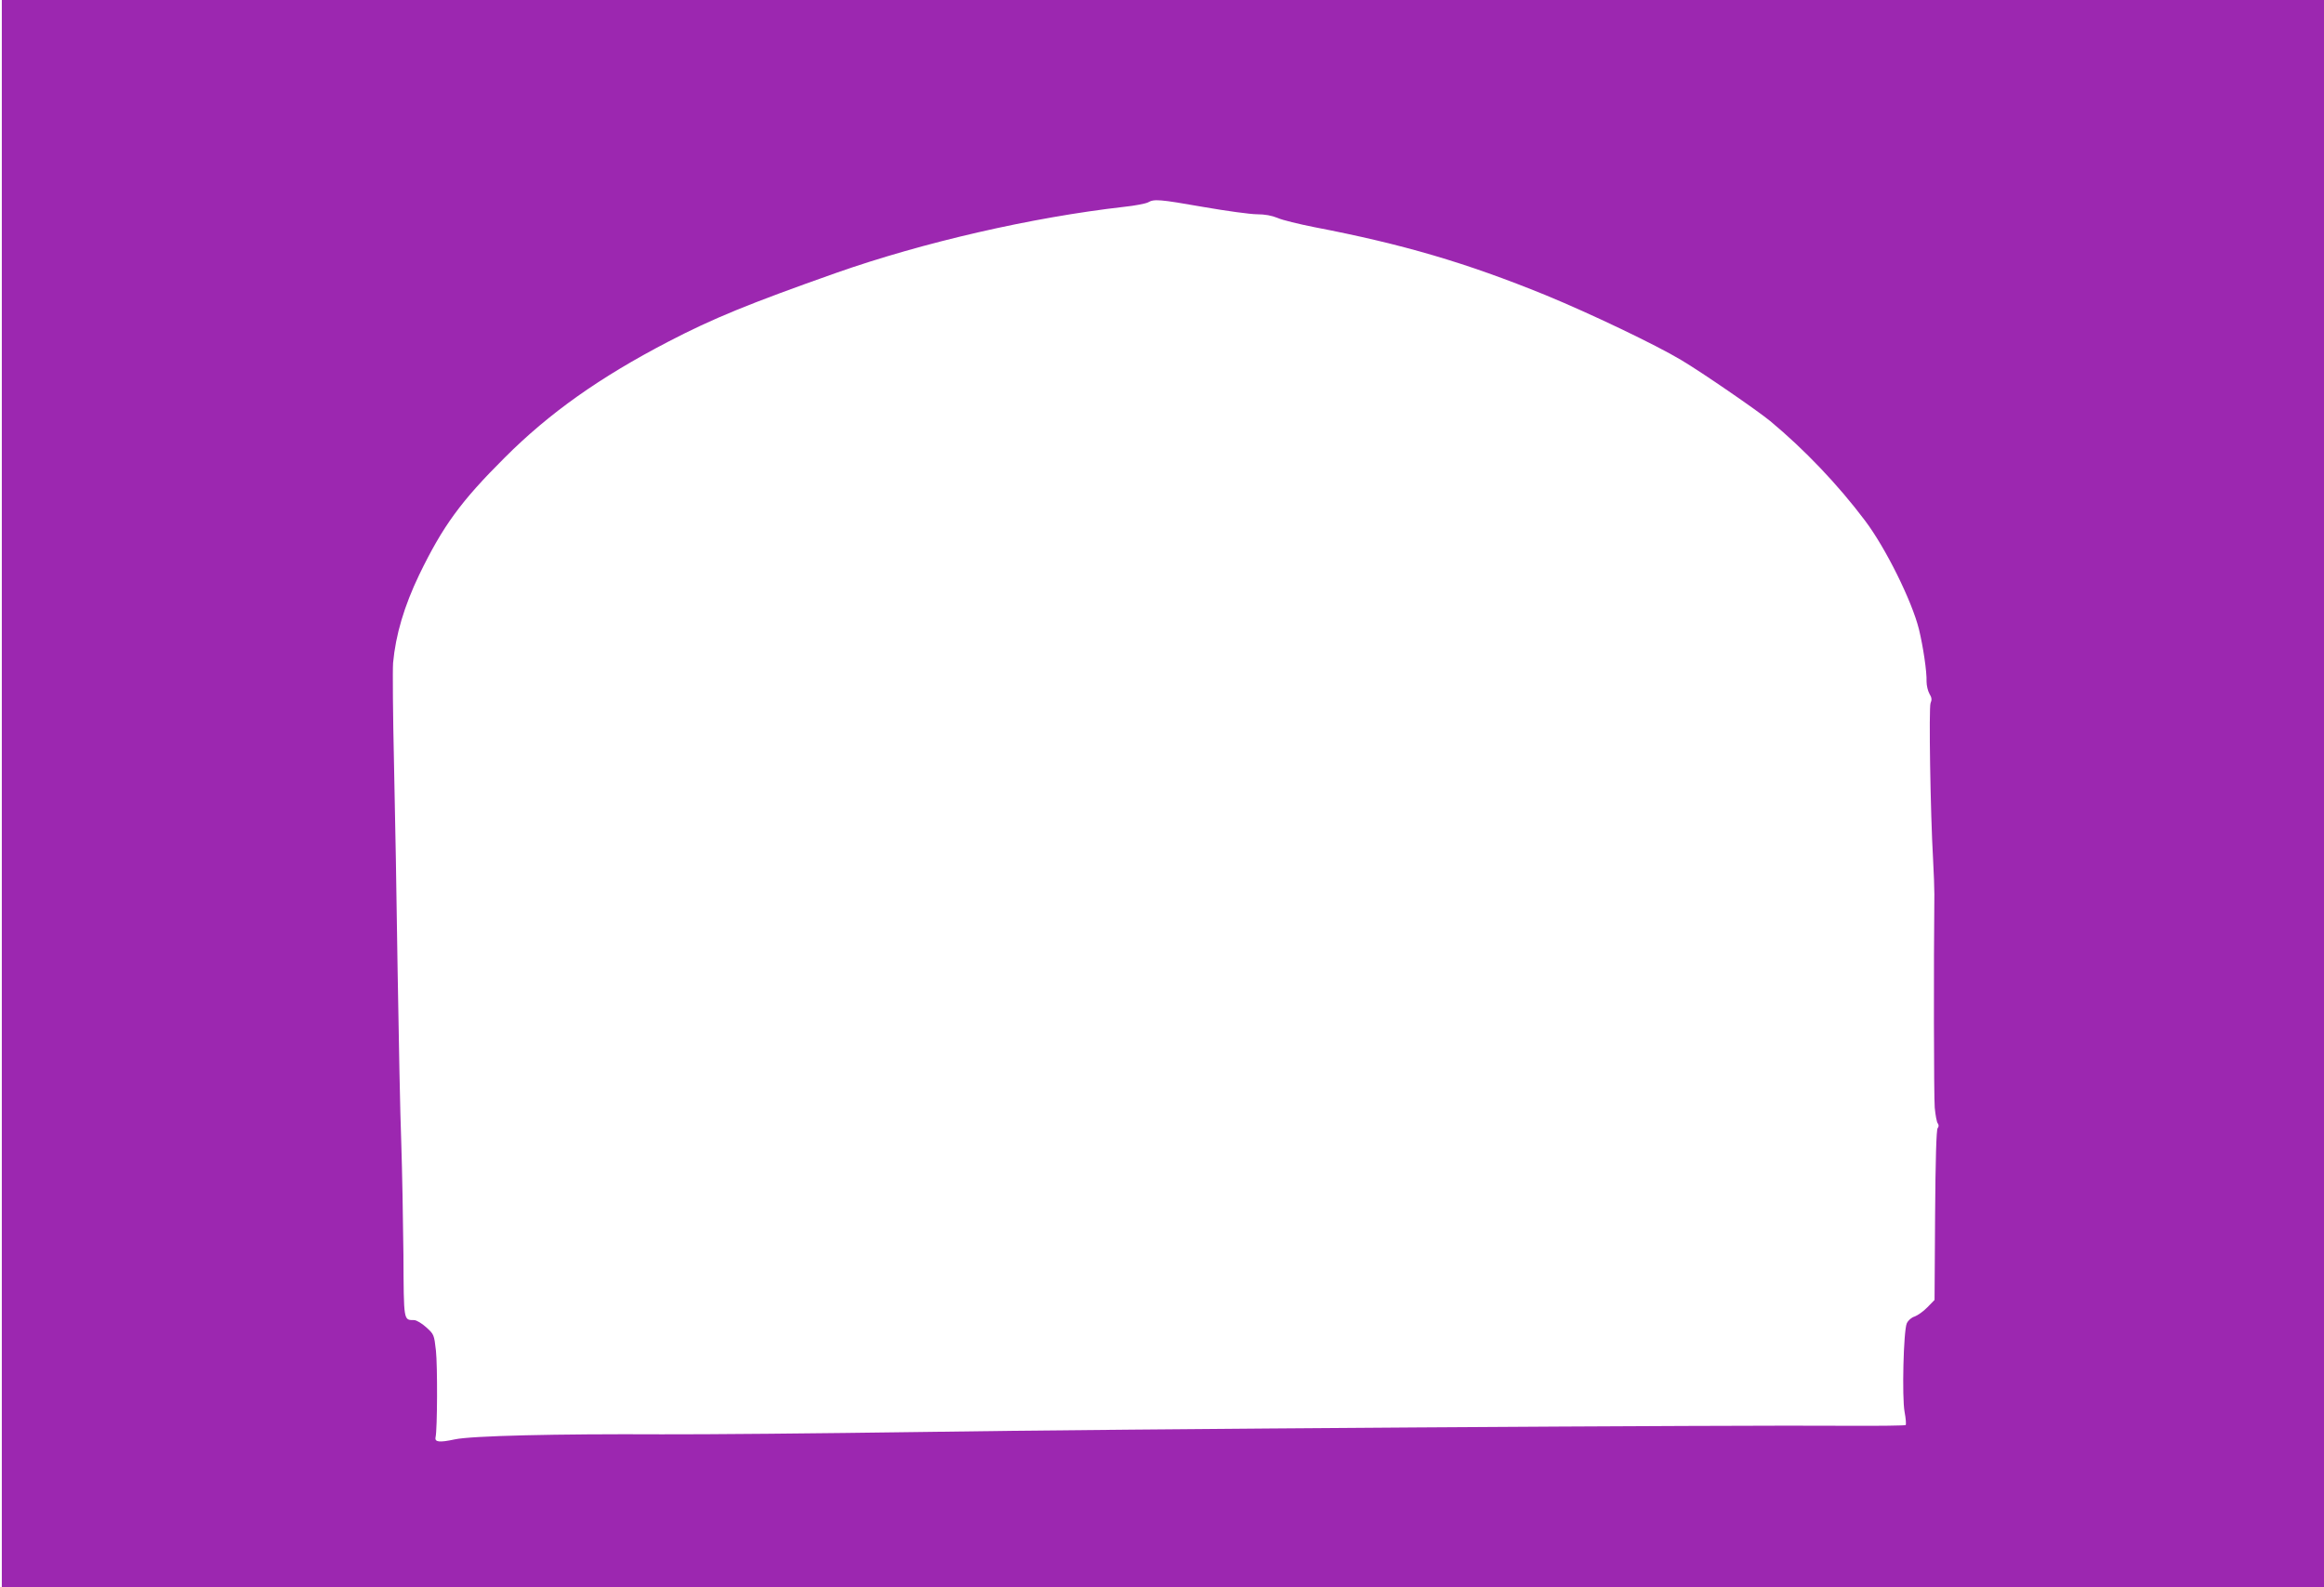 <?xml version="1.0" standalone="no"?>
<!DOCTYPE svg PUBLIC "-//W3C//DTD SVG 20010904//EN"
 "http://www.w3.org/TR/2001/REC-SVG-20010904/DTD/svg10.dtd">
<svg version="1.0" xmlns="http://www.w3.org/2000/svg"
 width="1280pt" height="874pt" viewBox="0 0 1280 874"
 preserveAspectRatio="xMidYMid meet">
<g transform="translate(0,874) scale(0.1,-0.1)"
fill="#9c27b0" stroke="none">
<path d="M10 4370 l0 -4370 6395 0 6395 0 0 4370 0 4370 -6395 0 -6395 0 0
-4370z m6619 3230 c126 -22 259 -40 294 -40 44 0 81 -7 113 -20 26 -12 118
-34 203 -51 489 -94 836 -196 1273 -374 248 -102 608 -274 748 -358 113 -67
421 -279 490 -336 189 -157 373 -350 522 -548 114 -151 258 -442 297 -598 23
-95 44 -234 42 -289 0 -21 7 -51 16 -67 13 -21 14 -33 6 -51 -10 -24 -1 -602
14 -863 4 -71 7 -157 7 -190 -4 -374 -3 -1117 2 -1175 4 -41 11 -81 17 -87 6
-9 6 -17 -1 -26 -7 -8 -12 -175 -14 -479 l-3 -467 -39 -40 c-22 -23 -54 -45
-70 -51 -19 -6 -36 -21 -44 -38 -18 -42 -27 -406 -12 -488 7 -36 9 -68 6 -72
-4 -3 -145 -5 -314 -4 -587 5 -4076 -18 -5098 -34 -566 -8 -1213 -14 -1439
-13 -576 3 -1051 -8 -1141 -28 -84 -18 -111 -15 -105 12 10 45 11 394 2 477
-10 88 -11 90 -53 128 -24 22 -53 39 -66 40 -60 1 -58 -13 -60 362 -2 189 -7
467 -12 618 -6 151 -14 577 -20 945 -5 369 -14 883 -20 1144 -6 261 -8 508 -5
550 14 154 61 313 144 486 130 268 229 404 471 645 246 246 523 442 900 638
248 129 444 209 925 379 481 169 1078 306 1587 364 59 6 118 18 130 24 35 20
61 18 307 -25z"/>
</g>
</svg>

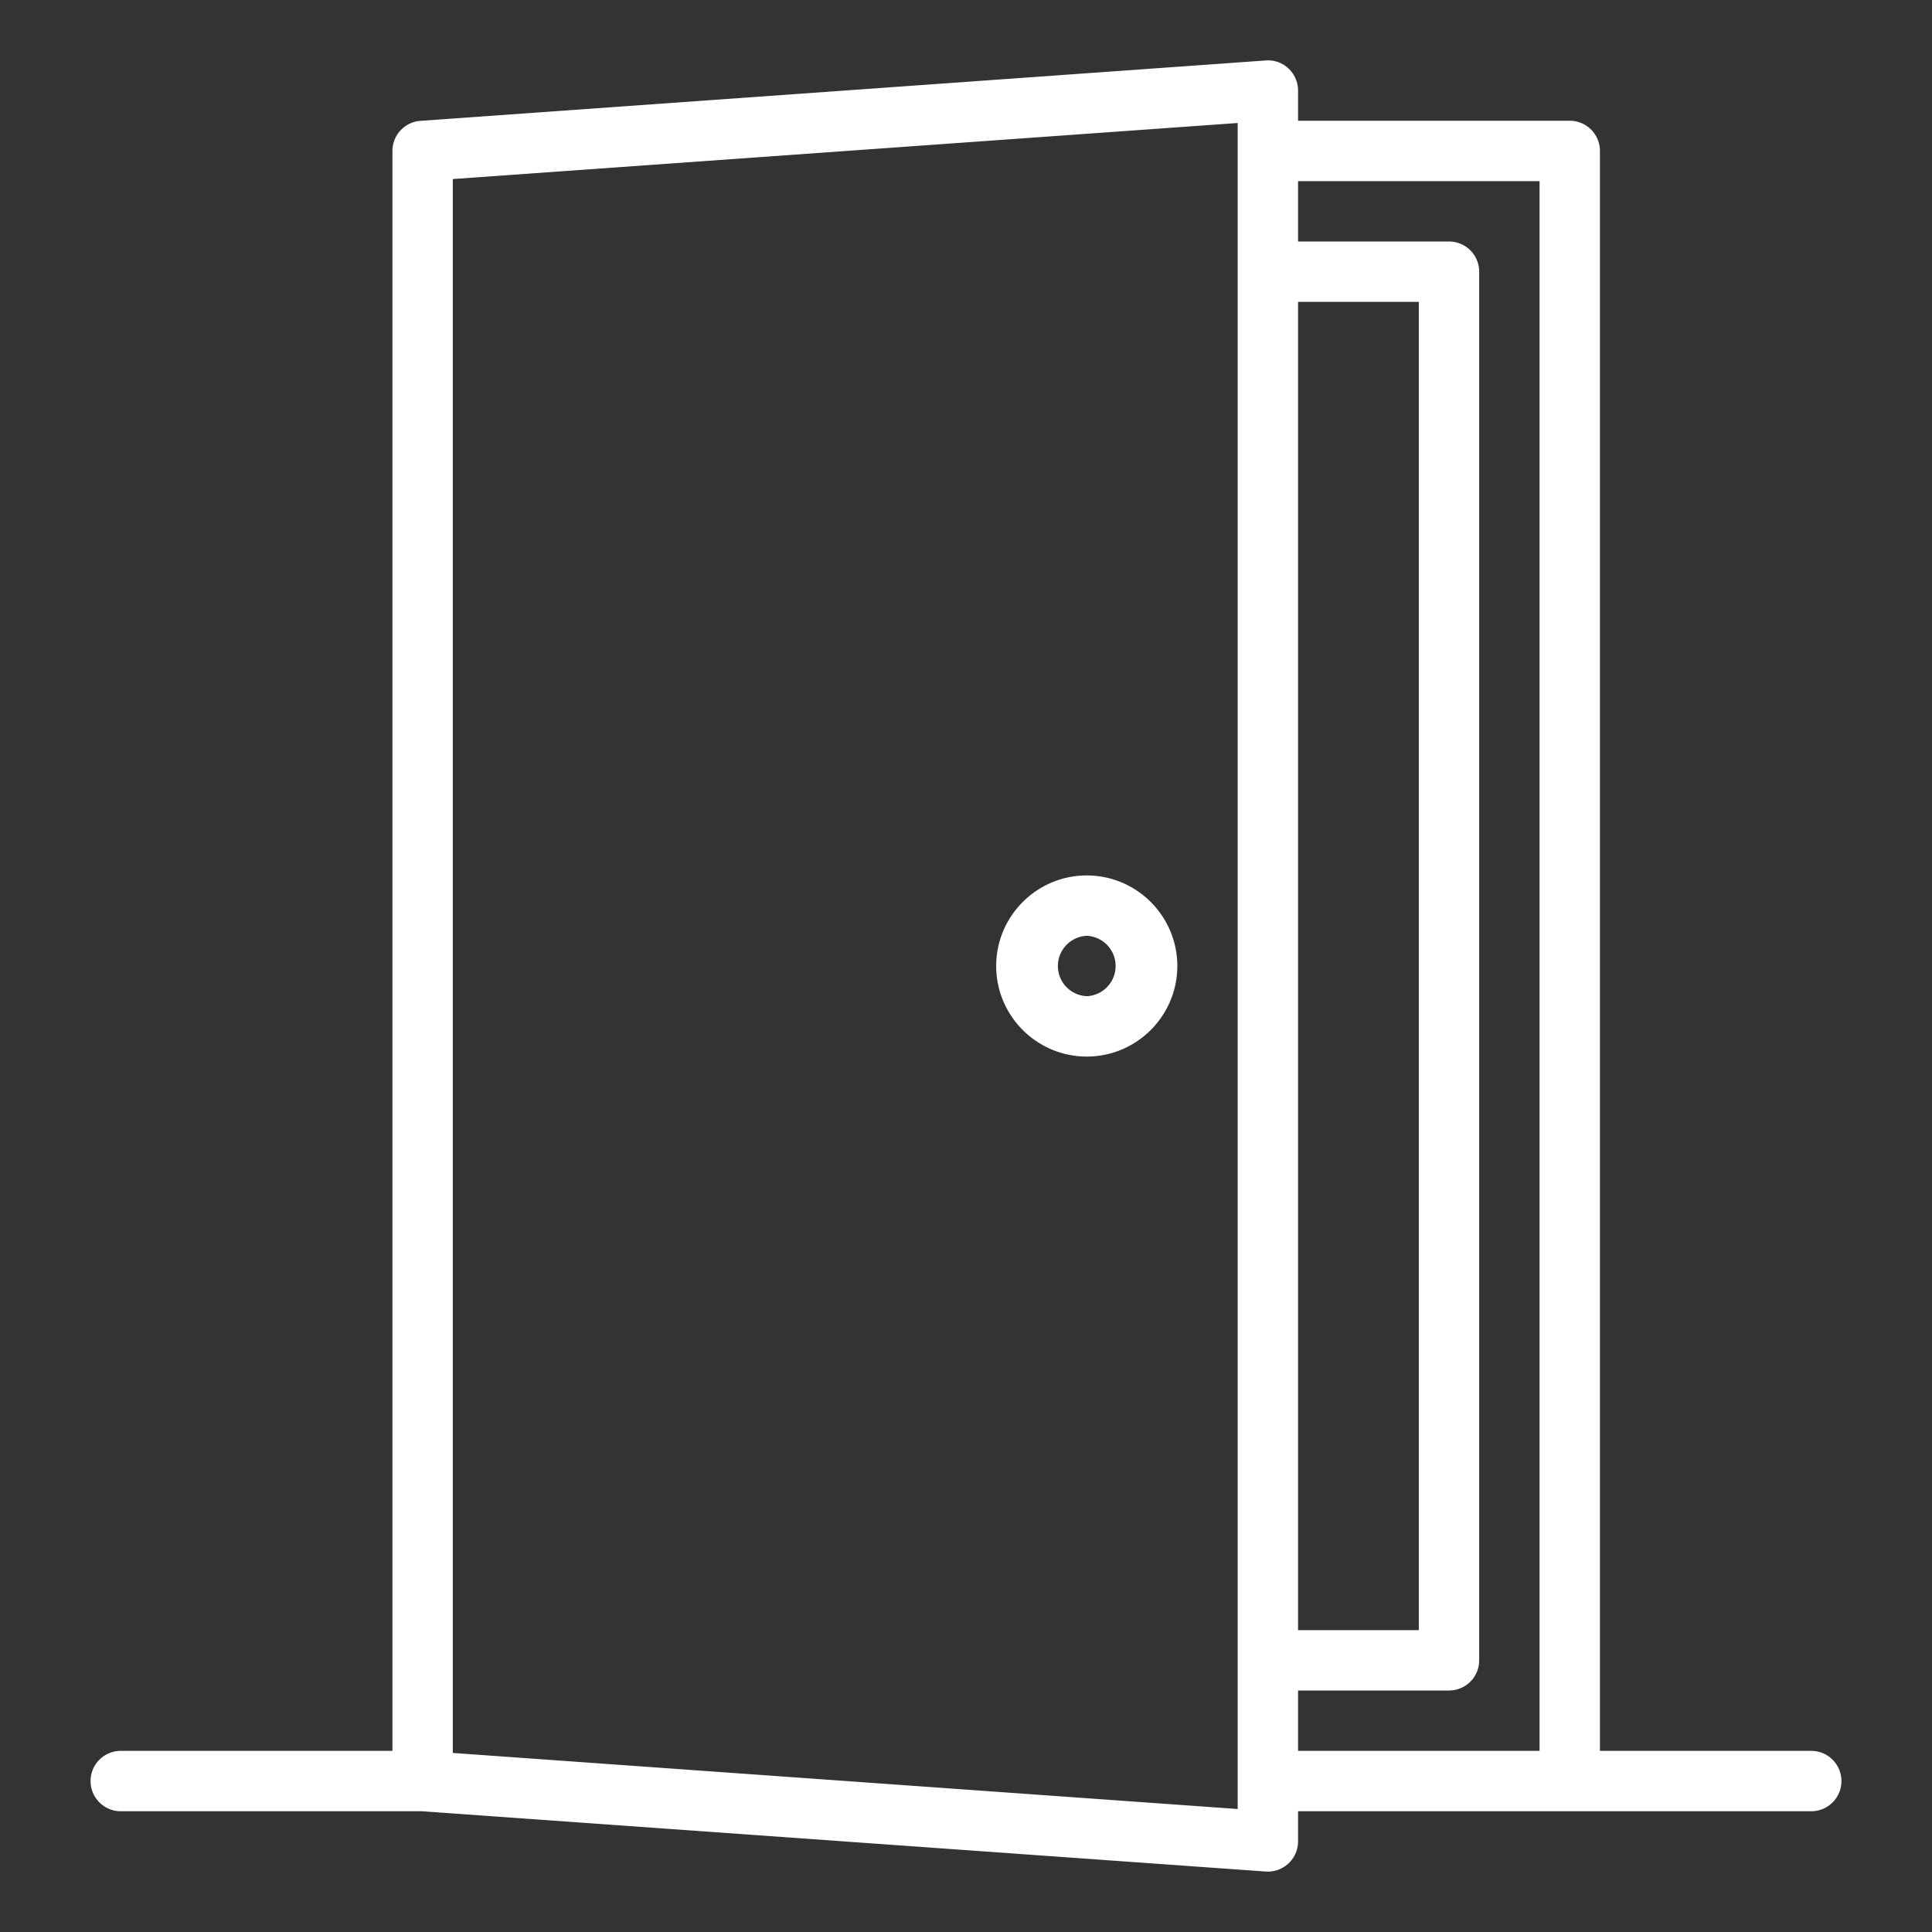 <svg xmlns="http://www.w3.org/2000/svg" version="1.1" xmlns:xlink="http://www.w3.org/1999/xlink" width="512" height="512" x="0" y="0" viewBox="0 0 64 64" style="enable-background:new 0 0 512 512" xml:space="preserve"><rect x="0" y="0" width="64" height="64" fill="#333333" stroke="none"/><g><path d="M36 29c-1.654 0-3 1.346-3 3s1.346 3 3 3 3-1.346 3-3-1.346-3-3-3zm0 4a1.001 1.001 0 0 1 0-2 1.001 1.001 0 0 1 0 2zm24 25h-7V5a1 1 0 0 0-1-1h-9V3a.998.998 0 0 0-.318-.731.976.976 0 0 0-.753-.266l-28 2A1 1 0 0 0 13 5v53H4a1 1 0 1 0 0 2h9.97l27.959 1.997A1.002 1.002 0 0 0 43 61v-1h17a1 1 0 1 0 0-2zM43 10h4v44h-4zm-2 49.926-26-1.857V5.931l26-1.857V59zM43 56h5a1 1 0 0 0 1-1V9a1 1 0 0 0-1-1h-5V6h8v52h-8z" fill="#ffffff" opacity="1" data-original="#000000"/></g></svg>

*What is being asked*:
Could you transcribe all of the data exactly and omit the pictures?

*Expected answer*:
 <?xml version="1.0" standalone="no"?>
<!DOCTYPE svg PUBLIC "-//W3C//DTD SVG 20010904//EN"
 "http://www.w3.org/TR/2001/REC-SVG-20010904/DTD/svg10.dtd">
<svg version="1.0" xmlns="http://www.w3.org/2000/svg"
 width="1280pt" height="874pt" viewBox="0 0 1280 874"
 preserveAspectRatio="xMidYMid meet">
<g transform="translate(0,874) scale(0.1,-0.1)"
fill="#9c27b0" stroke="none">
<path d="M10 4370 l0 -4370 6395 0 6395 0 0 4370 0 4370 -6395 0 -6395 0 0
-4370z m6619 3230 c126 -22 259 -40 294 -40 44 0 81 -7 113 -20 26 -12 118
-34 203 -51 489 -94 836 -196 1273 -374 248 -102 608 -274 748 -358 113 -67
421 -279 490 -336 189 -157 373 -350 522 -548 114 -151 258 -442 297 -598 23
-95 44 -234 42 -289 0 -21 7 -51 16 -67 13 -21 14 -33 6 -51 -10 -24 -1 -602
14 -863 4 -71 7 -157 7 -190 -4 -374 -3 -1117 2 -1175 4 -41 11 -81 17 -87 6
-9 6 -17 -1 -26 -7 -8 -12 -175 -14 -479 l-3 -467 -39 -40 c-22 -23 -54 -45
-70 -51 -19 -6 -36 -21 -44 -38 -18 -42 -27 -406 -12 -488 7 -36 9 -68 6 -72
-4 -3 -145 -5 -314 -4 -587 5 -4076 -18 -5098 -34 -566 -8 -1213 -14 -1439
-13 -576 3 -1051 -8 -1141 -28 -84 -18 -111 -15 -105 12 10 45 11 394 2 477
-10 88 -11 90 -53 128 -24 22 -53 39 -66 40 -60 1 -58 -13 -60 362 -2 189 -7
467 -12 618 -6 151 -14 577 -20 945 -5 369 -14 883 -20 1144 -6 261 -8 508 -5
550 14 154 61 313 144 486 130 268 229 404 471 645 246 246 523 442 900 638
248 129 444 209 925 379 481 169 1078 306 1587 364 59 6 118 18 130 24 35 20
61 18 307 -25z"/>
</g>
</svg>

 <svg xmlns="http://www.w3.org/2000/svg" version="1.1" xmlns:xlink="http://www.w3.org/1999/xlink" width="512" height="512" x="0" y="0" viewBox="0 0 64 64" style="enable-background:new 0 0 512 512" xml:space="preserve"><rect x="0" y="0" width="64" height="64" fill="#333333" stroke="none"/><g><path d="M36 29c-1.654 0-3 1.346-3 3s1.346 3 3 3 3-1.346 3-3-1.346-3-3-3zm0 4a1.001 1.001 0 0 1 0-2 1.001 1.001 0 0 1 0 2zm24 25h-7V5a1 1 0 0 0-1-1h-9V3a.998.998 0 0 0-.318-.731.976.976 0 0 0-.753-.266l-28 2A1 1 0 0 0 13 5v53H4a1 1 0 1 0 0 2h9.97l27.959 1.997A1.002 1.002 0 0 0 43 61v-1h17a1 1 0 1 0 0-2zM43 10h4v44h-4zm-2 49.926-26-1.857V5.931l26-1.857V59zM43 56h5a1 1 0 0 0 1-1V9a1 1 0 0 0-1-1h-5V6h8v52h-8z" fill="#ffffff" opacity="1" data-original="#000000"/></g></svg>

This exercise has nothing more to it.